Before Suo ran could respond, the car slowed, then stopped.Suo ran reached for the door. "Good!" he muttered, trying to steady himself. "This is where you.." The moment he opened the door, cold air rushed inside, and before he could even step out fully, a hand caught his wrist. Suo ran froze for half a second before instinct kicked in and he tried to pull away. "Let go!" he snapped, twisting his arm. The grip didn't loosen. Instead, the driver stepped out as well, moving closer with unexpected ease, still calm, still composed. "You're making this difficult!" the driver said quietly, Suo ran glared up at him. "Who are you?" The distance between them disappeared in a few steps, until Suo ran found himself backed slightly against the edge of the open car door.
The driver was now close enough that Suo ran could see his reflection clearly in the lenses of his glasses. The driver came little closer to suo ran's ear and said quietly, "Relax." That single word made suo ran's anger flare. "Don't tell me to relax!" he pushed again, trying to break free. "Let go of me right now!" The driver tightened his grip slightly, not hurting him, but firm enough to stop him completely. "I can't!" he said simply. Suo ran's eyes narrowed. "Can't or won't?" A faint pause followed, and driver's expression softened slightly, "Both." he answered.

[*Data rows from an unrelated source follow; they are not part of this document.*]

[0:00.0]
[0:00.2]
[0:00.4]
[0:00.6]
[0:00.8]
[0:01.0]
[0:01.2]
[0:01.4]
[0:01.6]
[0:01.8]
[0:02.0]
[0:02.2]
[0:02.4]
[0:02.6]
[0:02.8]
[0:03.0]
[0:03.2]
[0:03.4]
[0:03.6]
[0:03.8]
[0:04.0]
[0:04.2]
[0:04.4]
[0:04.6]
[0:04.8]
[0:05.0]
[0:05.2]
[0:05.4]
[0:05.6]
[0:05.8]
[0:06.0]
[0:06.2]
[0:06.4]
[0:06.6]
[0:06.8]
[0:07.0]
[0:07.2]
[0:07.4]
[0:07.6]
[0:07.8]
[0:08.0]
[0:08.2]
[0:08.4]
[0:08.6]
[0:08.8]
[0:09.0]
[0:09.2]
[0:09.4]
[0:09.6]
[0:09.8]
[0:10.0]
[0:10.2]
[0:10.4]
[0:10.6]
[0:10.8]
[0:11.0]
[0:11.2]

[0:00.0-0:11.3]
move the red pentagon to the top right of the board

Suo ran struggled again, but the grip held easily. "You're insane!" Suo ran muttered, breath uneven. The driver didn't deny it instead, he reached into his pocket.Suo ran got tensed he thought he was going to shoot him. He closed his eyes and said,"Don't..." but it was too late. A black ribbon-like cloth appeared in the driver's hand.

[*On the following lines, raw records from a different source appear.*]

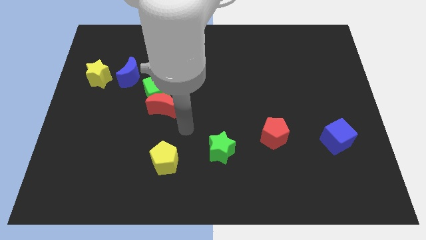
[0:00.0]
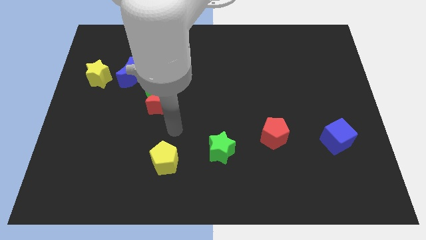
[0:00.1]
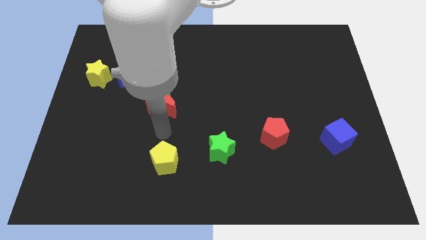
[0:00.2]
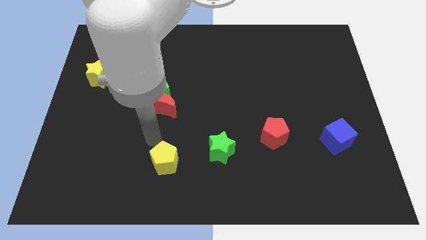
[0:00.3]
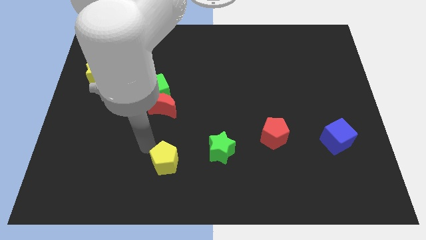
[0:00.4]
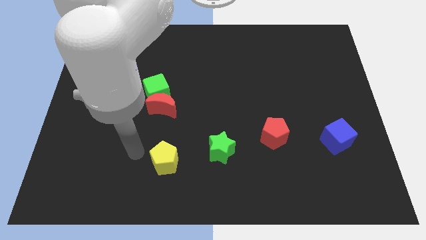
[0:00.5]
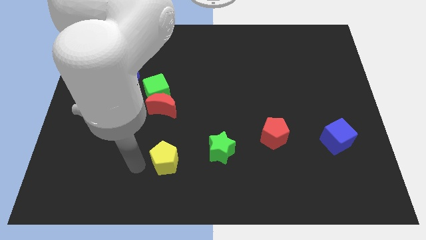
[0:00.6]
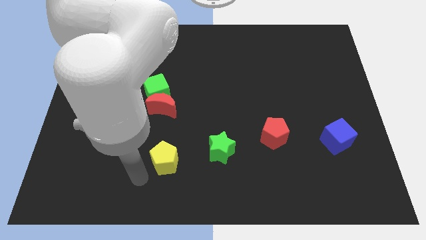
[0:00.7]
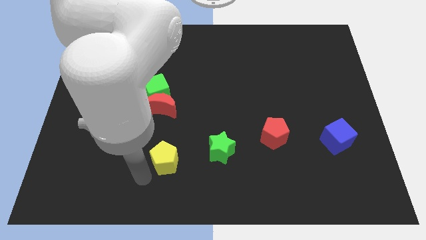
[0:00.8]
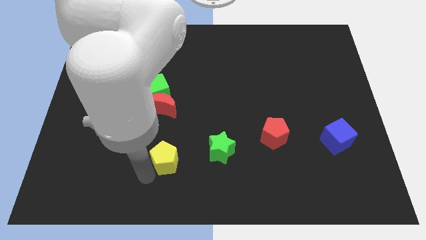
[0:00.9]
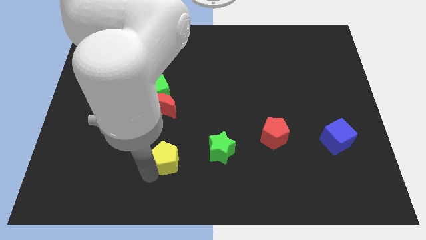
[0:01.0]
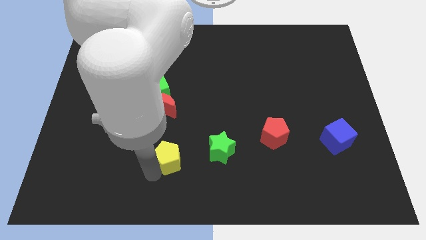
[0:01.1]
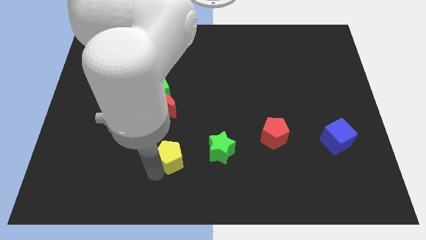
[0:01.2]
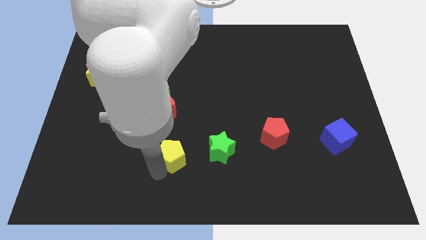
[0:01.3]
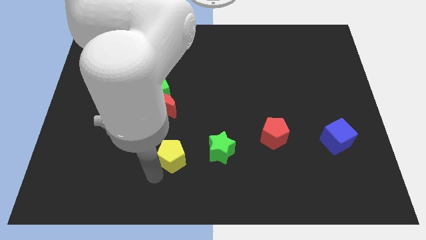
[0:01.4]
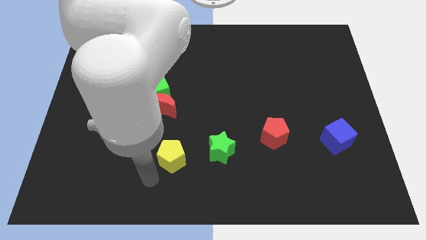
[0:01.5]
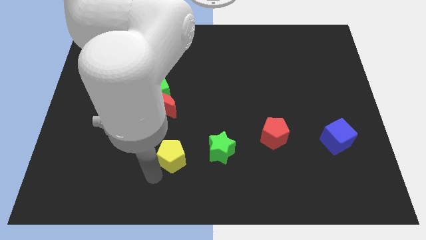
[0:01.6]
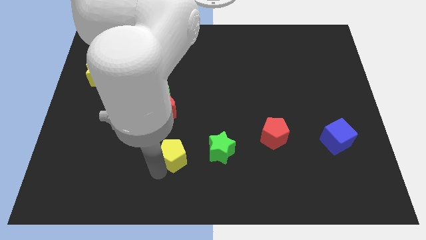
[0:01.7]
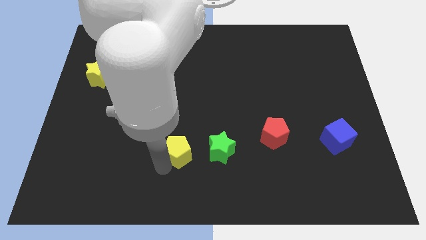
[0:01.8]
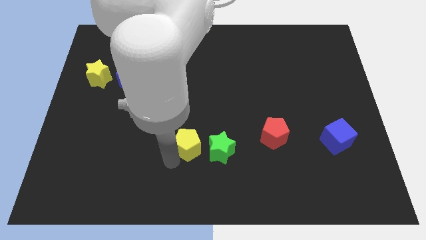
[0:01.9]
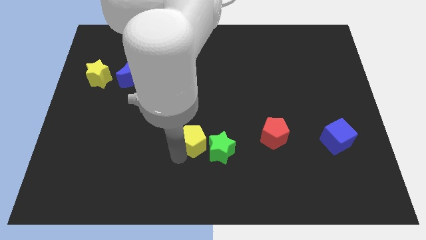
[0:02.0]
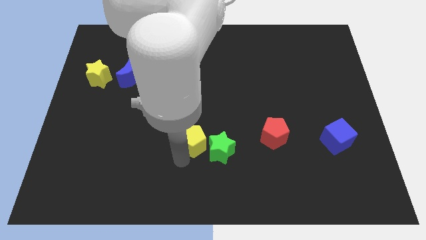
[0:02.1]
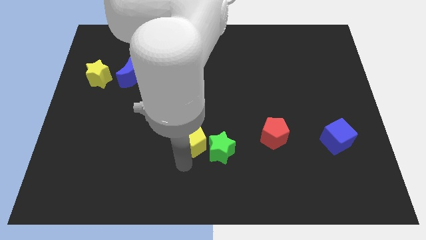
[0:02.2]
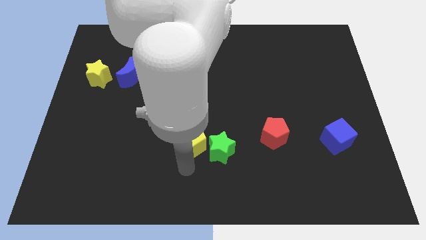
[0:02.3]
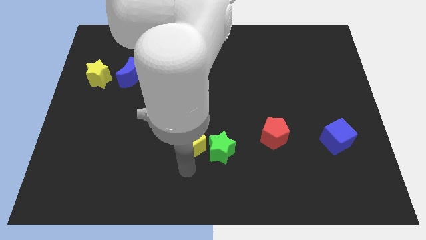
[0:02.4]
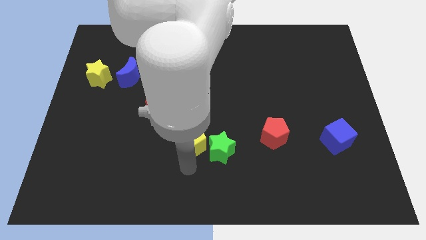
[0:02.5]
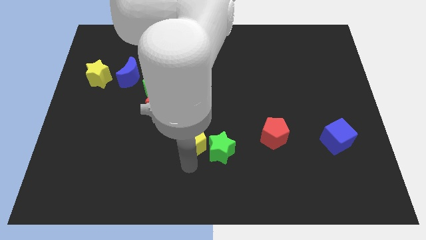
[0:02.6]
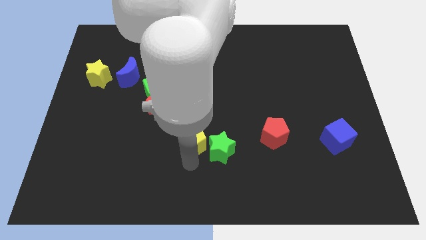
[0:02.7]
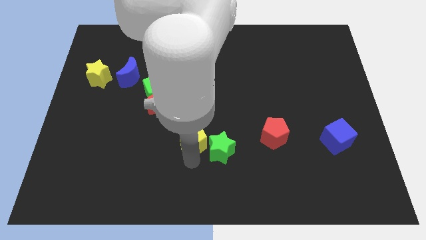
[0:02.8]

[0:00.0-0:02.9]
slide the yellow pentagon to the middle

Suo Ran's eyes widened instantly. "No..wait!" he tried to pull back harder, panic breaking through his control now. "What are you doing?!" The driver didn't answer he simply stepped closer again, slow, like he wasn't rushing at all. "You're safe!" he said quietly, almost gently, and that contradiction made Suo ran freeze for a split second. "Safe?!" Suo ran laughed in disbelief. "You're kidnapping me and you're saying I'm safe?!" But the driver didn't respond to the words. Instead, he gently raised the cloth and before Suo ran could fully react, it was wrapped around his eyes.
Suo ran struggled harder, twisting his head as he tried to pull away. "No...take it off!" he snapped, his voice sharper now, more panicked. "What are you doing to me?!" He felt the driver's hand on his wrist again, firm but controlled, stopping his movement without hurting him. "Stay still." the driver said softly. "It'll be easier if you stop fighting." "Easier for who?!" Suo ran demanded, trying to yank his hands back. "Let me go!" Instead of responding, the driver moved closer behind him.